Dimethyl fumarate (DMF) is an orally active and brain-penetrant Nrf2 activator and induces upregulation of antioxidant gene expression. Dimethyl fumarate induces necroptosis in colon cancer cells through GSH depletion/ROS increase/MAPKs activation pathway, and also induces cell autophagy. Dimethyl fumarate can be used for multiple sclerosis research^[1][2]. In Vitro: Dimethyl fumarate (DMF; 20-200 μM; 24 hours) treatment dose-dependently reduces the viability of SGC-7901, HT29, HCT116 and CT26 cancer cells^[1].
Dimethyl fumarate (DMF; 100 μM; 3-24 hours) significantly activates JNK, p38 and ERK in CT26 cells^[1].
Dimethyl fumarate induces necroptosis in colon cancer cells and the mechanism involves GSH depletion, an increase in ROS and activation of MAPKs-mediated signalling^[1].
Dimethyl fumarate inhibits dendritic cell (DC) maturation by reducing inflammatory cytokine production (IL-12 and IL-6) and the expression of MHC class II, CD80, and CD86. Dimethyl fumarate impairs NF-κB signaling via reduced p65 nuclear translocalization and phosphorylation. Dimethyl fumarate inhibits maturation of DCs and subsequently Th1 and Th17 cell differentiation by suppression of both NF-κB and ERK1/2-MSK1 signaling^[2].
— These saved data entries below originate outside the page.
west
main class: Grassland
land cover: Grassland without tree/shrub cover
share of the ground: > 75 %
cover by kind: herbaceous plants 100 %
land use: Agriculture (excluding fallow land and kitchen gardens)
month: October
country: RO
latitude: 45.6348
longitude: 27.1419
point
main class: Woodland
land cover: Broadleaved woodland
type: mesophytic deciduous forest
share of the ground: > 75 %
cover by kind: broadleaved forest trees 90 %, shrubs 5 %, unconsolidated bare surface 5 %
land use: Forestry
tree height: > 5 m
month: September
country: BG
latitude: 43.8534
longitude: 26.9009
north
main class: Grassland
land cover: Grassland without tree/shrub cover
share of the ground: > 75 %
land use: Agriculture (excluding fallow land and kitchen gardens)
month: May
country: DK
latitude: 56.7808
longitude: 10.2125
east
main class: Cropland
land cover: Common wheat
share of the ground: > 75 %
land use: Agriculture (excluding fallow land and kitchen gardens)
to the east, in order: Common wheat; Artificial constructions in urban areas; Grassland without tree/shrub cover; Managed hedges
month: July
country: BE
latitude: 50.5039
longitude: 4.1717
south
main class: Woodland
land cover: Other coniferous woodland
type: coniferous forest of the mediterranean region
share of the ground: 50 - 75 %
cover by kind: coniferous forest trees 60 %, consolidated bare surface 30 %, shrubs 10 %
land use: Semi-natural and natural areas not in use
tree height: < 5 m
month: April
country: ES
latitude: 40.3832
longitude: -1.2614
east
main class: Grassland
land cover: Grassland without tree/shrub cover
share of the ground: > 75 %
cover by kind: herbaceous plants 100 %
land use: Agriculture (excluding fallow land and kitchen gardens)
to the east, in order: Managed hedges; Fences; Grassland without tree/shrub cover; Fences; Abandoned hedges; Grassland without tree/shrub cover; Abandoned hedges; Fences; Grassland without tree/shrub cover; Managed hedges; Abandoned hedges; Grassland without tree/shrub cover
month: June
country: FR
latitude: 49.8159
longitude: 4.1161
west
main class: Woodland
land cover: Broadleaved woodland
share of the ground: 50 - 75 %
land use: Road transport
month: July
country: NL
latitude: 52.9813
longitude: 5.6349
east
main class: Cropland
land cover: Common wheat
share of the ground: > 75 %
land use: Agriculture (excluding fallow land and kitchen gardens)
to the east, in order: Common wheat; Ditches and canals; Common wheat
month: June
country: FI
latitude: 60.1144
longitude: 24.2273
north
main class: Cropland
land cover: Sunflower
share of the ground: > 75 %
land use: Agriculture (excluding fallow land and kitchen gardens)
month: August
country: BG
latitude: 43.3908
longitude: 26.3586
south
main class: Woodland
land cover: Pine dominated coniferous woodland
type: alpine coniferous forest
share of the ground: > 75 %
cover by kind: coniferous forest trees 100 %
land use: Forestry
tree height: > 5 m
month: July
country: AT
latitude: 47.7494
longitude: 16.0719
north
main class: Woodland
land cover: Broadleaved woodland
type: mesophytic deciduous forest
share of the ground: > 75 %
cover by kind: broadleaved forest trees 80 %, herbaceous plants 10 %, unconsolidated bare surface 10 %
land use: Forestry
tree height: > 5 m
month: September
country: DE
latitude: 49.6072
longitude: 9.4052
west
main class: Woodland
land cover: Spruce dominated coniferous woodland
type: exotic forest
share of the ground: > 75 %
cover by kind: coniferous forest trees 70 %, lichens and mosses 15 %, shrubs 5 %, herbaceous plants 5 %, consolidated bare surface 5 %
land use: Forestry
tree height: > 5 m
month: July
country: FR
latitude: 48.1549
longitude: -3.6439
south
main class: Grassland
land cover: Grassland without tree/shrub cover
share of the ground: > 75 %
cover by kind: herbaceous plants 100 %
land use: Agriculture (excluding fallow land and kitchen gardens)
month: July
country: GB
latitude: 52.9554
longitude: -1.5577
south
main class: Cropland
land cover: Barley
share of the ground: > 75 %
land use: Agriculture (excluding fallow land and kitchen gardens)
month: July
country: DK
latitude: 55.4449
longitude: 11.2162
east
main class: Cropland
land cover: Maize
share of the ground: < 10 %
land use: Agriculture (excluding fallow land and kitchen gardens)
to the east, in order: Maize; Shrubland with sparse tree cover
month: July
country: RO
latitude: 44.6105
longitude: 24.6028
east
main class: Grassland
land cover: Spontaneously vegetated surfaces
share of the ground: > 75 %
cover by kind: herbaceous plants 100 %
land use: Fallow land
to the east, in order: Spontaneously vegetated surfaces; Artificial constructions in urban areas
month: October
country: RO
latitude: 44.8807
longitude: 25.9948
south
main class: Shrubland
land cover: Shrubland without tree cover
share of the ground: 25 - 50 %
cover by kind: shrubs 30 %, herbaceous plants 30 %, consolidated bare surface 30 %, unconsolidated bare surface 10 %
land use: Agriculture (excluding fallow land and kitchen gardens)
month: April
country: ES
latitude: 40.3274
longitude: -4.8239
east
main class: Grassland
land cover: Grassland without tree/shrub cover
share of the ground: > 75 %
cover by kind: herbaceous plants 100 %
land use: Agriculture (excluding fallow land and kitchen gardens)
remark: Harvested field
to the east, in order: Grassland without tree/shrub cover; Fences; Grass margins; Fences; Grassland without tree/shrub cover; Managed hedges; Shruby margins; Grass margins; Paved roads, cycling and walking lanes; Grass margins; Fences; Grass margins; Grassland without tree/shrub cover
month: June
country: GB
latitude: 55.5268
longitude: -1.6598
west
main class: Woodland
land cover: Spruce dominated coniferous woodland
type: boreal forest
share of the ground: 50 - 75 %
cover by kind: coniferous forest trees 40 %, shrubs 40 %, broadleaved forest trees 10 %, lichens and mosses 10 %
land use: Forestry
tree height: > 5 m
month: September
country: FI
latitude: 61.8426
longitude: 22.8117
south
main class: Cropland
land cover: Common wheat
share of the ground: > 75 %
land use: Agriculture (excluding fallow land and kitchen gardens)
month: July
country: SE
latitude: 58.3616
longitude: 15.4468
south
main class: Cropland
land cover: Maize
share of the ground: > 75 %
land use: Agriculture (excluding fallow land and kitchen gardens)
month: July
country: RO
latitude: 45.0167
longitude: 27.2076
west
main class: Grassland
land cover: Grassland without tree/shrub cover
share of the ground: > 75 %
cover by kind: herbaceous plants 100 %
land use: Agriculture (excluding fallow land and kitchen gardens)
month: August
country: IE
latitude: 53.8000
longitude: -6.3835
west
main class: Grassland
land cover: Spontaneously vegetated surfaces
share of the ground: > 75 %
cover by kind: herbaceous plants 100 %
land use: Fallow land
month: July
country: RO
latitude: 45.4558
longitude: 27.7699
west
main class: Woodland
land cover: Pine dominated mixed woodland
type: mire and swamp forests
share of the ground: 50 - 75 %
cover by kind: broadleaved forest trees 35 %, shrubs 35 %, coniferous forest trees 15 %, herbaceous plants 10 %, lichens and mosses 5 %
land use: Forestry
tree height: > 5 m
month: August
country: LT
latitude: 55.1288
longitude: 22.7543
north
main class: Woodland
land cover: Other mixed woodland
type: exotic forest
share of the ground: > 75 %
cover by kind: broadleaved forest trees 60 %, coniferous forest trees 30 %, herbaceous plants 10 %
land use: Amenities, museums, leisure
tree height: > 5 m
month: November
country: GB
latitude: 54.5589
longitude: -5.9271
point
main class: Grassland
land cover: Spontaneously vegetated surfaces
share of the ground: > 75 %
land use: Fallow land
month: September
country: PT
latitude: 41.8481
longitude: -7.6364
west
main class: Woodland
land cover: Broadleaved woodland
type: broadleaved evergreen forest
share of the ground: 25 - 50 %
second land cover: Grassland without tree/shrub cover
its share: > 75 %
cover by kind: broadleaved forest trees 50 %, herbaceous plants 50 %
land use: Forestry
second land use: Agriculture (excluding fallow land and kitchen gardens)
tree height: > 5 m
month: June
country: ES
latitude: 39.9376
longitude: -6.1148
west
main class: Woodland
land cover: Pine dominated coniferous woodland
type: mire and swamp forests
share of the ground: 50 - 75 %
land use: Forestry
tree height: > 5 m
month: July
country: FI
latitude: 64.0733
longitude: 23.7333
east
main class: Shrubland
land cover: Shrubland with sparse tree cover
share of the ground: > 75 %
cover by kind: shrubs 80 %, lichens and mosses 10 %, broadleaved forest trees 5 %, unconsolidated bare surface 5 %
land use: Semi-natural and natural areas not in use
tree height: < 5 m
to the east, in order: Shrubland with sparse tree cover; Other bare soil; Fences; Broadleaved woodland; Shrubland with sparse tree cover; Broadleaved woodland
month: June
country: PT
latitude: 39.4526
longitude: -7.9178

Dimethyl fumarate (DMF), an immune modulator and inducer of the antioxidant response, suppresses HIV replication and neurotoxin release^[3]. In Vivo: Dimethyl fumarate (DMF; 50 mg/kg; oral gavage; daily; for 7 days) treatment is shown to upregulate the mRNA and protein levels of Nrf2 and Nrf2-regulated cytoprotective genes, attenuate 6-OHDA induced striatal oxidative stress and inflammation in C57BL/6 mice^[4].